3. **Micro-channel Plate (MCP)**
- **Definition**: MCP is a high-gain electron multiplier used in scientific and military applications for enhanced detection and imaging.
- **Applications**: Used in night vision devices, electron microscopes, mass spectrometers, and radar systems.
- **Stakeholders**: Scientific researchers, medical imaging professionals, and defense contractors.
## Detailed Analysis
### 1. Model Context Protocol (MCP)
#### Definition
- **Model Context Protocol (MCP)** is an open standard that standardizes how applications provide context information to large language models (LLMs). It acts as a universal plug, enabling AI assistants to interact with different software tools using a common language, eliminating the need for custom integrations for each application.
#### Applications
- **AI and LLMs**: MCP is crucial in the AI and LLM ecosystem, allowing these models to integrate with various applications and data sources seamlessly.

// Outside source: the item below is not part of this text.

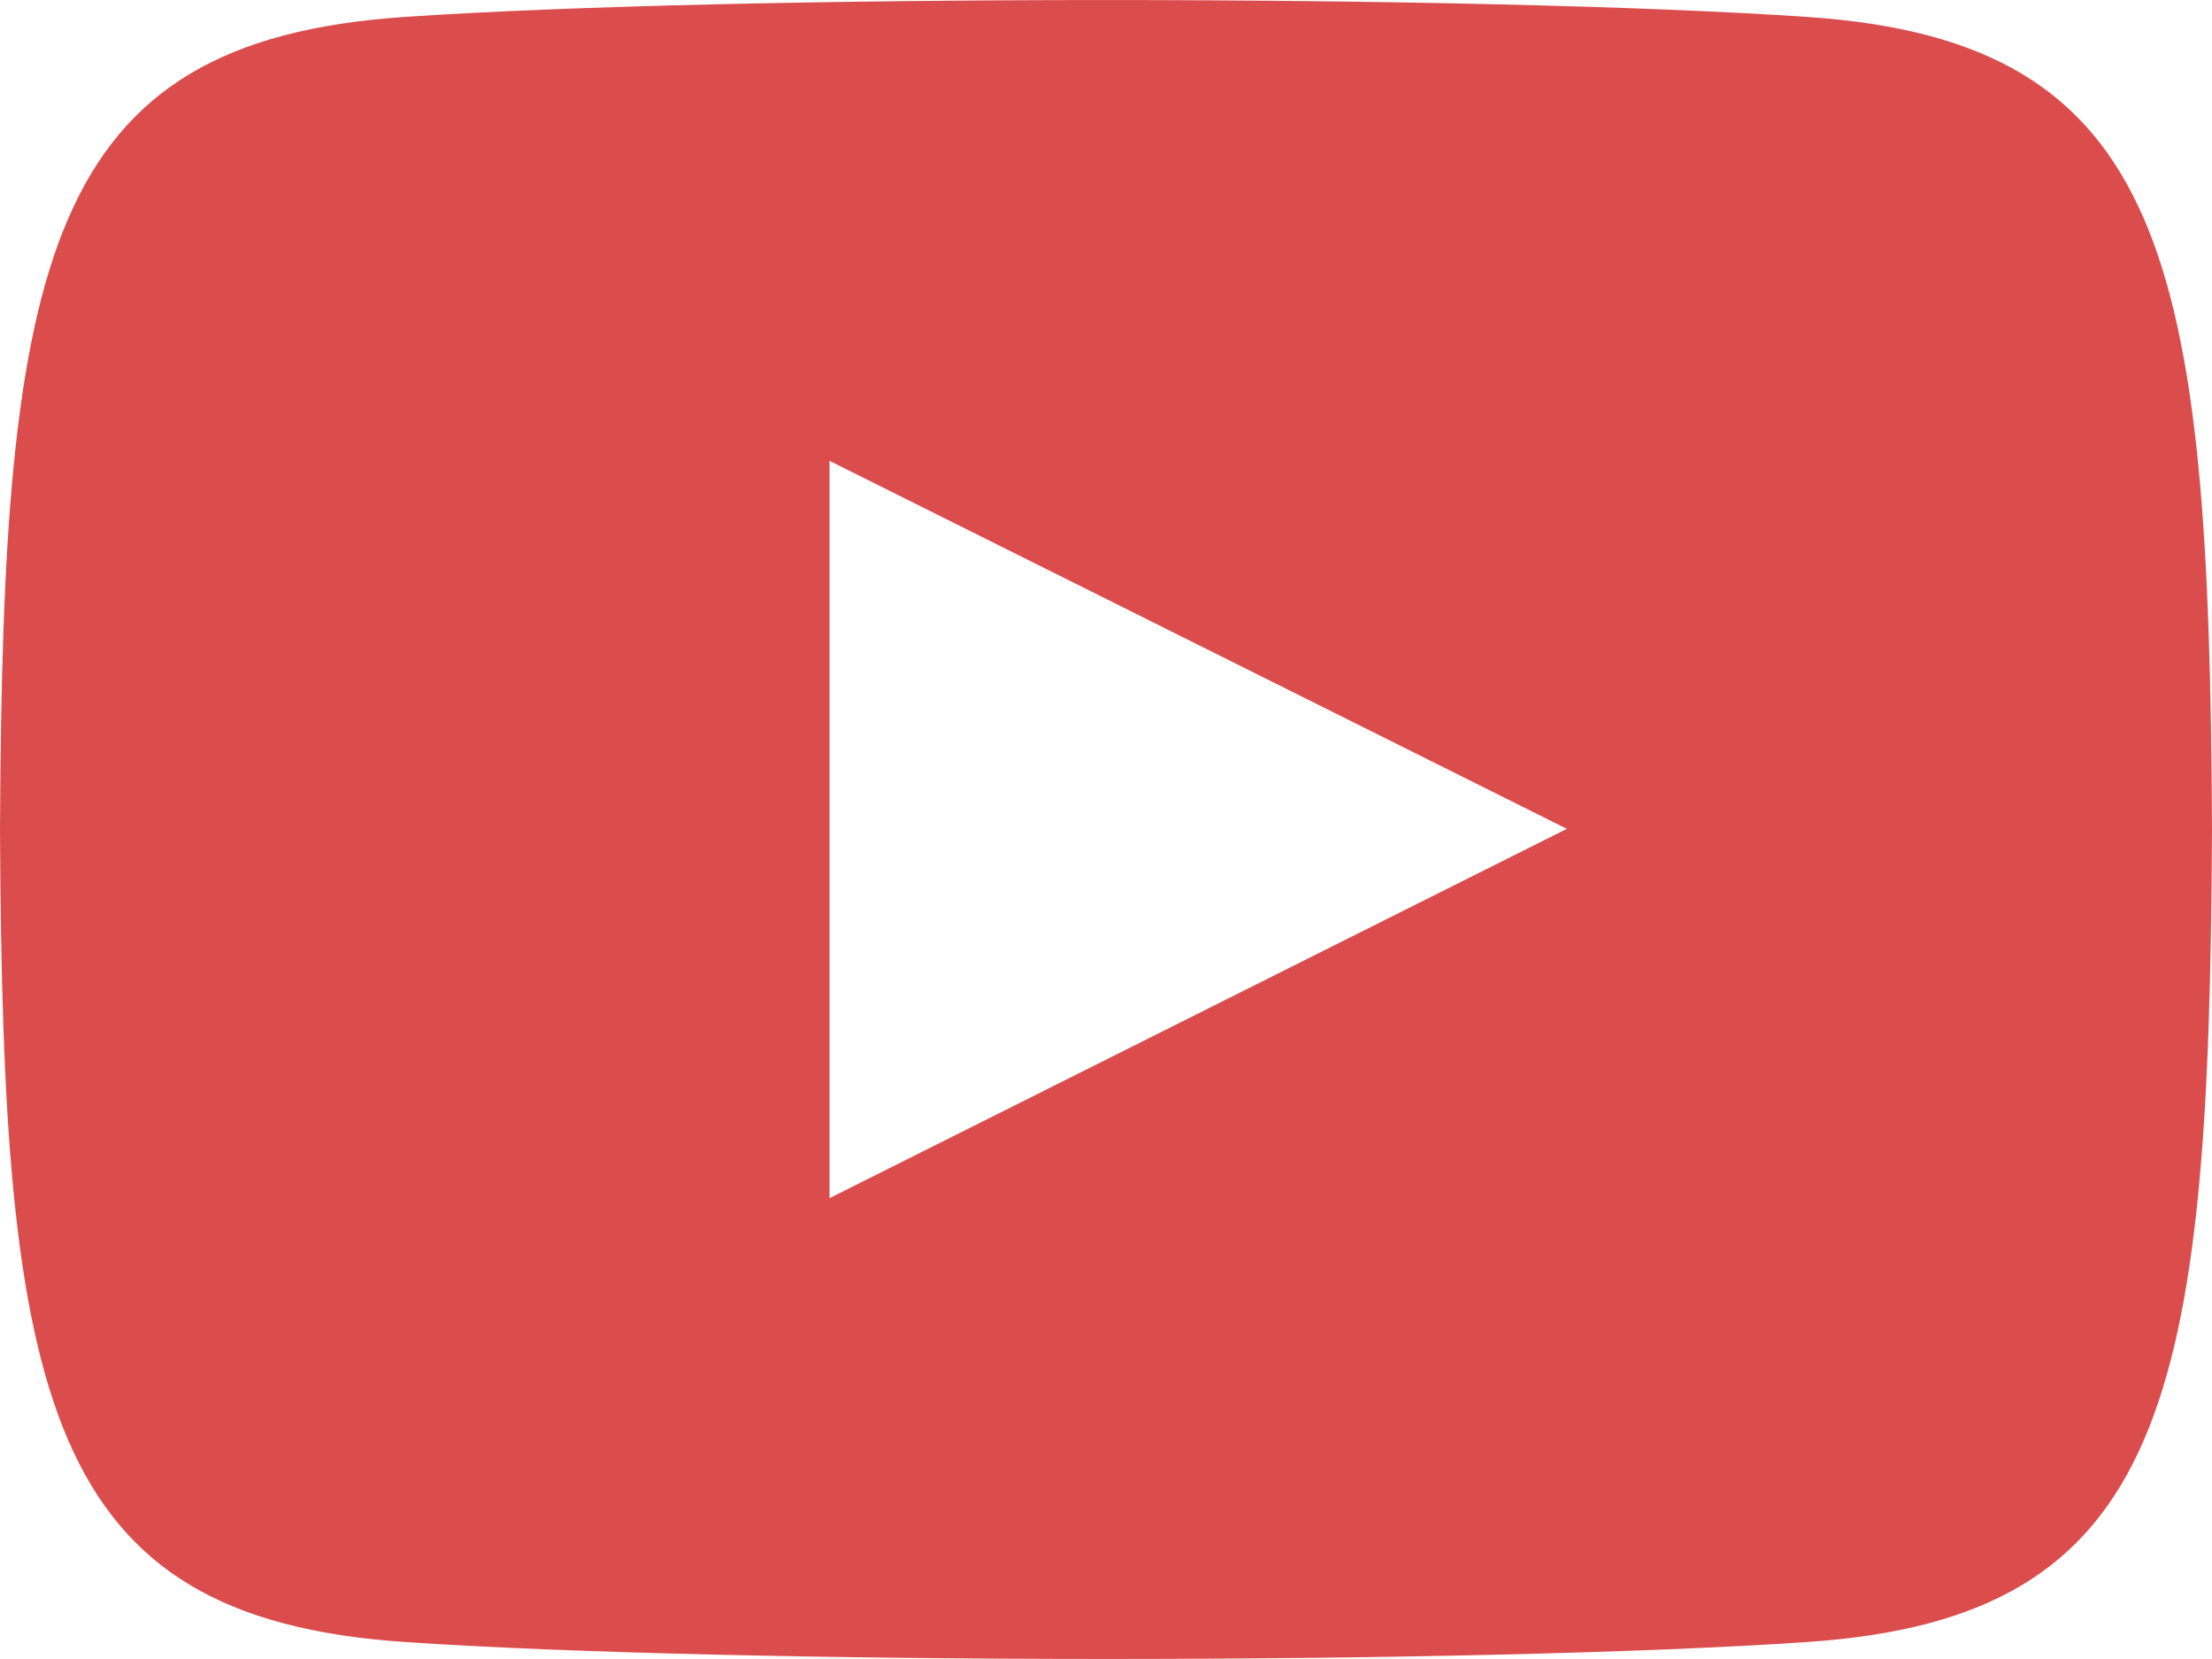 <svg xmlns="http://www.w3.org/2000/svg" width="30" height="22.499" viewBox="0 0 30 22.499">
  <path id="sns_youtube" d="M24.519,3.23c-4.5-.306-14.539-.306-19.037,0C.61,3.562.036,6.5,0,14.25c.036,7.731.605,10.686,5.481,11.019,4.5.306,14.532.308,19.037,0C29.39,24.937,29.964,21.994,30,14.25,29.964,6.519,29.4,3.564,24.519,3.23ZM11.25,19.25v-10l10,4.991Z" transform="translate(0 -3)" fill="#db4d4d"/>
</svg>
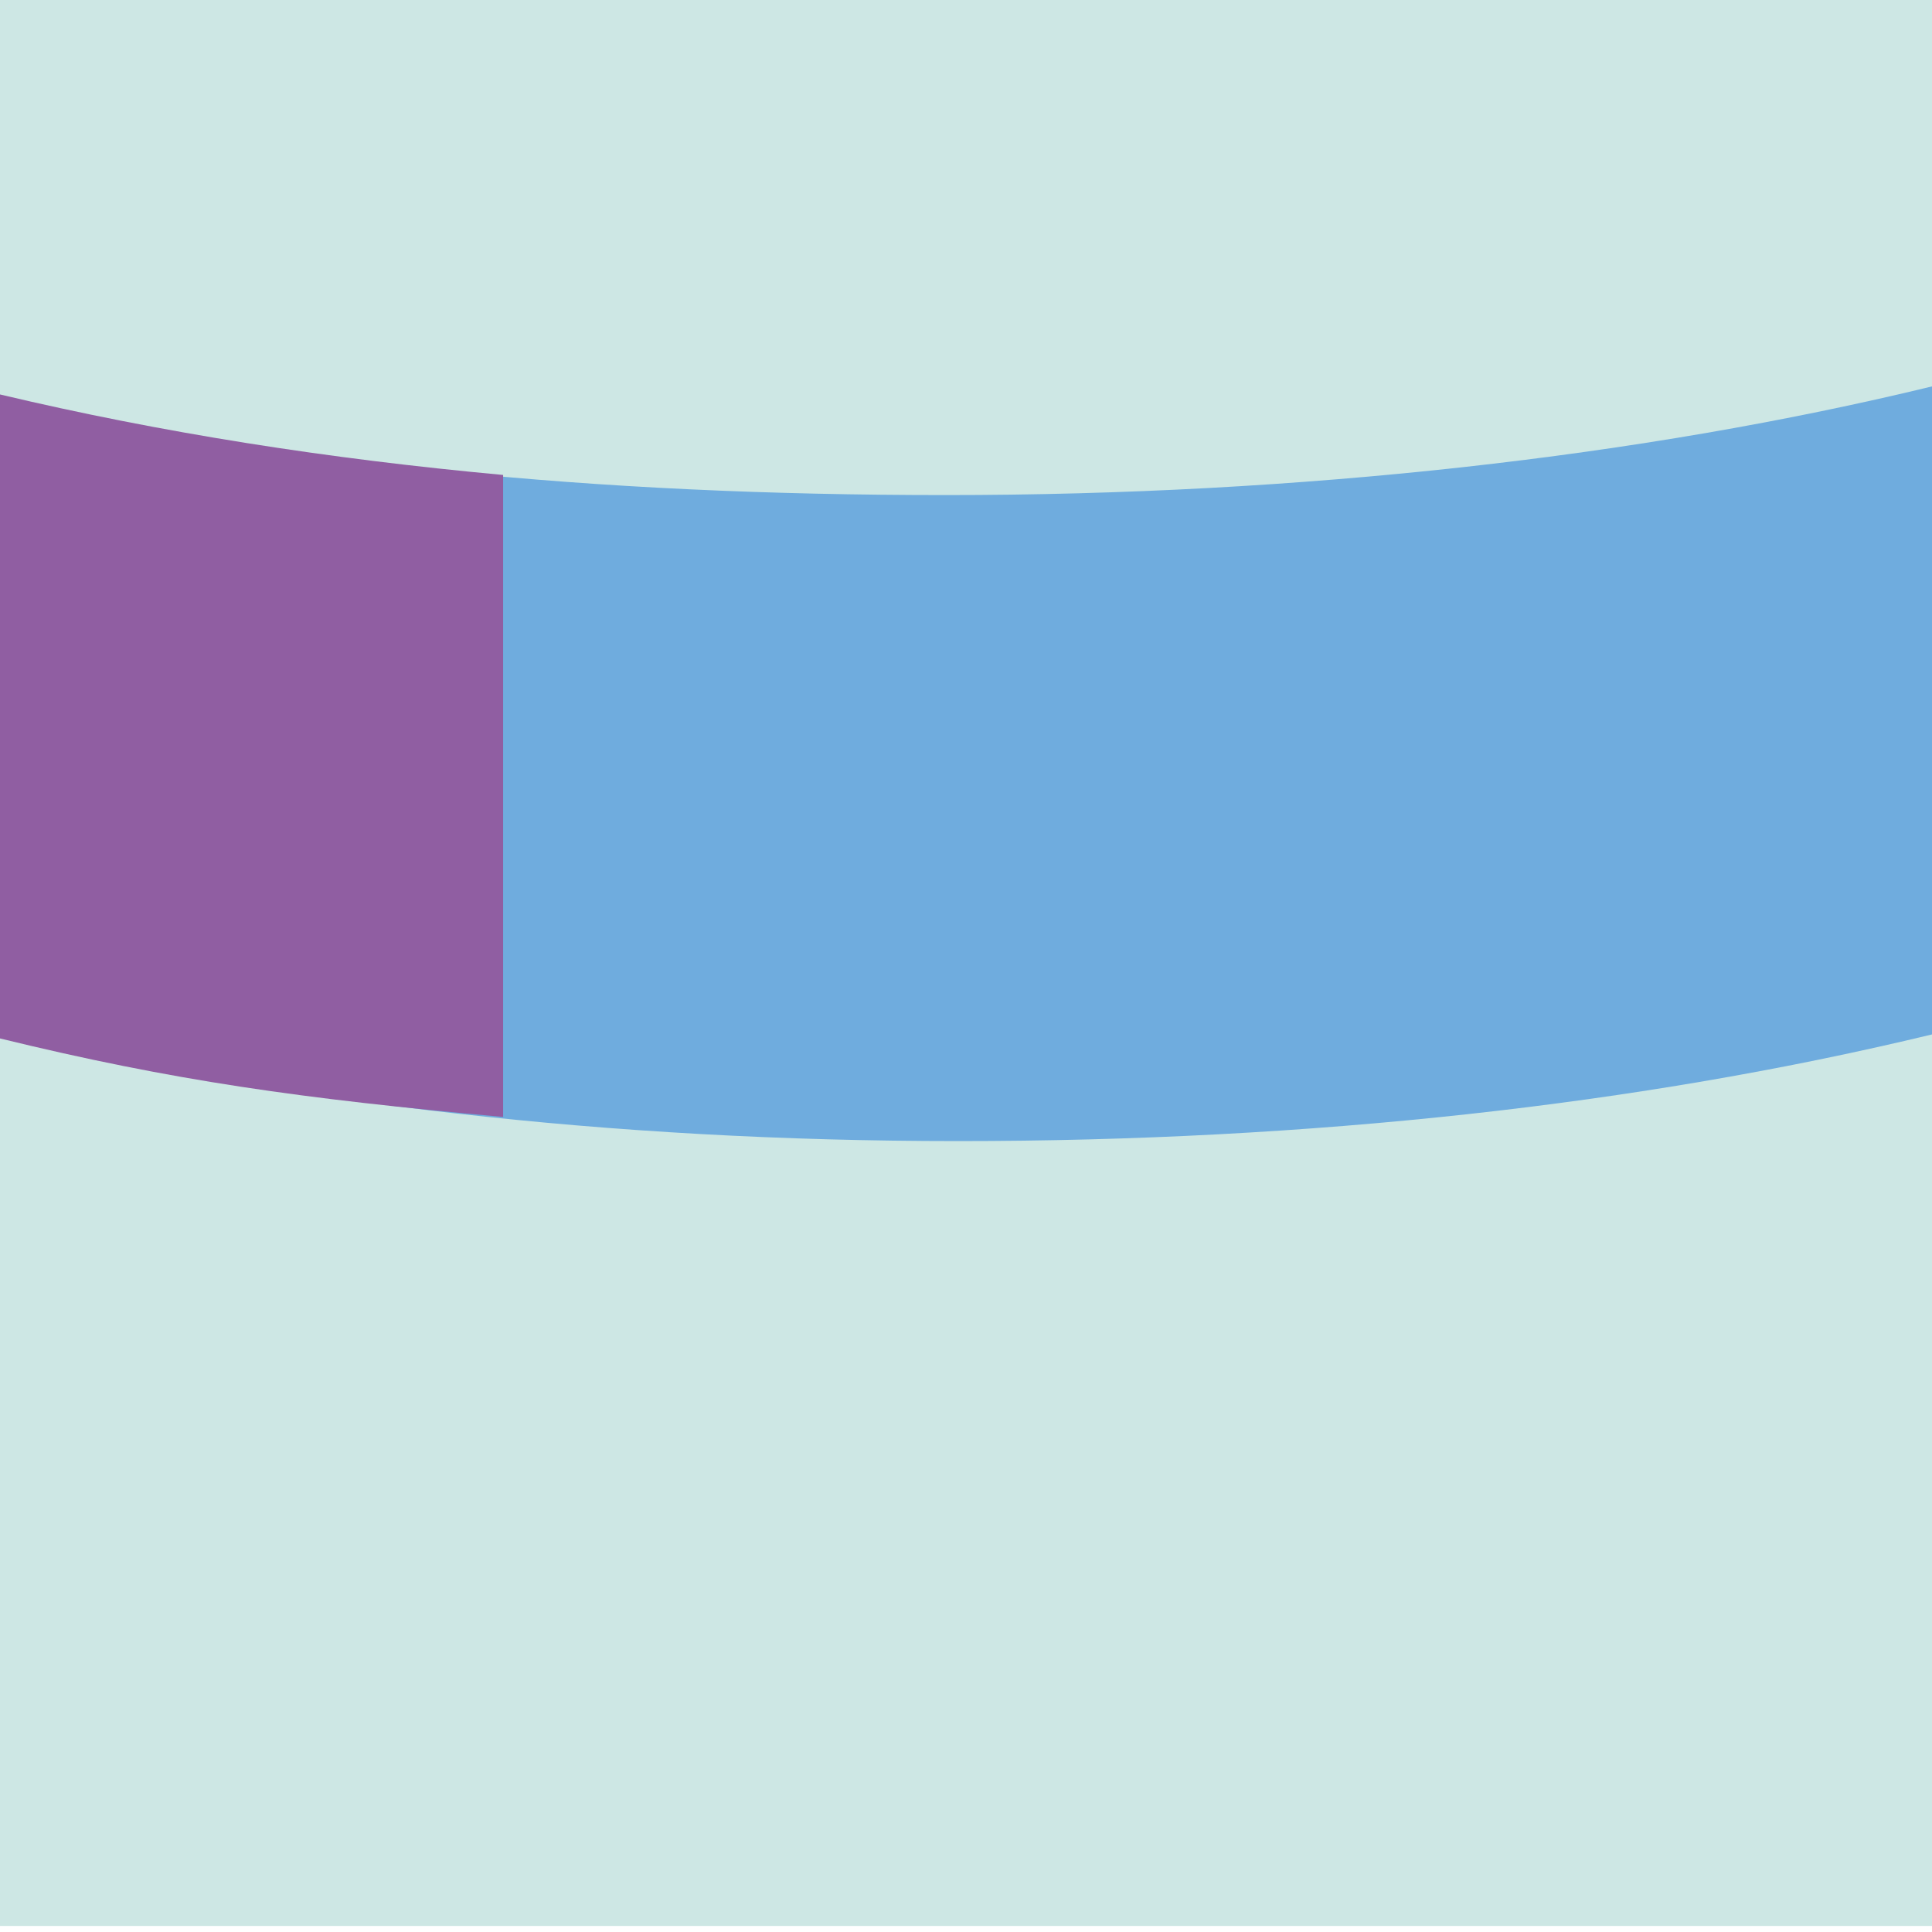 <?xml version="1.0" encoding="UTF-8"?> <svg xmlns="http://www.w3.org/2000/svg" id="Ebene_1" version="1.1" viewBox="0 0 96 96"><defs><style> .st0 { fill: #905ea2; } .st1 { fill: #cde7e4; } .st2 { fill: #6facde; } </style></defs><rect class="st1" width="96" height="95.7"></rect><g id="Page-1"><g id="Group"><path id="Combined-Shape" class="st2" d="M96,19.2v32.2c-14.5,3.5-30.9,5.3-48.4,5.3s-33.2-1.9-47.6-5.3v-31.7c14.3,3.4,29.4,4.9,47,4.9s34.6-1.9,49-5.4h0Z"></path><path id="Path-2" class="st0" d="M0,19.6c8,1.9,16.3,3.2,25,4v31.9c-10-.9-16.4-1.8-25-3.9V19.6Z"></path></g></g></svg>

- **Client-Server Connections**: MCP defines a lifecycle for client-server connections, ensuring proper capability negotiation and state management. This enables language models to automatically discover and invoke tools based on their contextual understanding and user prompts.
#### Stakeholders
- **Project Managers and AI Developers**: Responsible for implementing and managing MCP in AI projects.
- **Application Providers**: Integrate MCP into their software tools to ensure compatibility with AI models.
### 2. Monocalcium Phosphate (MCP)
#### Definition
- **Monocalcium Phosphate (MCP)** is a chemical compound with the formula Ca(H2PO4)2. It is used in various forms, including anhydrous (MCP-A) and hydrated (MCP-H).
#### Applications
- **Food Industry**: MCP is used as a leavening agent in baked goods, providing aeration and improving texture.
- **Agriculture**: MCP is used as a fertilizer, providing essential nutrients to plants.
- **Construction**: MCP-based emulsion polymers are used in the production of adhesives, coatings, and other construction materials.
#### Stakeholders
- **Food Manufacturers**: Use MCP in the production of baked goods.
- **Agricultural Companies**: Utilize MCP as a fertilizer.
- **Construction Material Producers**: Incorporate MCP-based emulsion polymers in their products.
### 3. Micro-channel Plate (MCP)
#### Definition
- **Micro-channel Plate (MCP)** is a high-gain electron multiplier used in scientific and military applications. It consists of a thin plate with a honeycomb structure, where each channel acts as an electron multiplier.
#### Applications
- **Scientific Research**: MCPs are used in electron microscopes and mass spectrometers for high-sensitivity detection.
- **Medical Imaging**: MCPs are used in medical imaging systems, providing high sensitivity and rapid response times.
- **Military and Aerospace**: MCPs are critical in radar systems, missile detection, and imaging systems, where precision and reliability are essential.
#### Stakeholders
- **Scientific Researchers**: Use MCPs in advanced research instruments.
- **Medical Imaging Professionals**: Utilize MCPs in medical imaging systems.
- **Defense Contractors**: Integrate MCPs into military and aerospace applications.
## Conclusions and Recommendations
### Conclusions
- **Model Context Protocol (MCP)** is an open standard that facilitates the integration of AI models with various applications, enhancing interoperability and efficiency.
- **Monocalcium Phosphate (MCP)** is a versatile chemical compound with applications in the food, agriculture, and construction industries.
- **Micro-channel Plate (MCP)** is a high-gain electron multiplier used in scientific, medical, and military applications, providing high sensitivity and precision.
### Recommendations
- **For AI and LLM Projects**: Implement MCP to standardize interactions between AI models and applications, reducing the need for custom integrations.
- **For Food and Agriculture Industries**: Consider the use of MCP in the production of baked goods and as a fertilizer to improve product quality and crop yields.
- **For Scientific and Military Applications**: Utilize MCPs in advanced research and imaging systems to achieve high sensitivity and precision.
By understanding the different contexts and applications of MCP, stakeholders can make informed decisions and leverage the benefits of this versatile technology.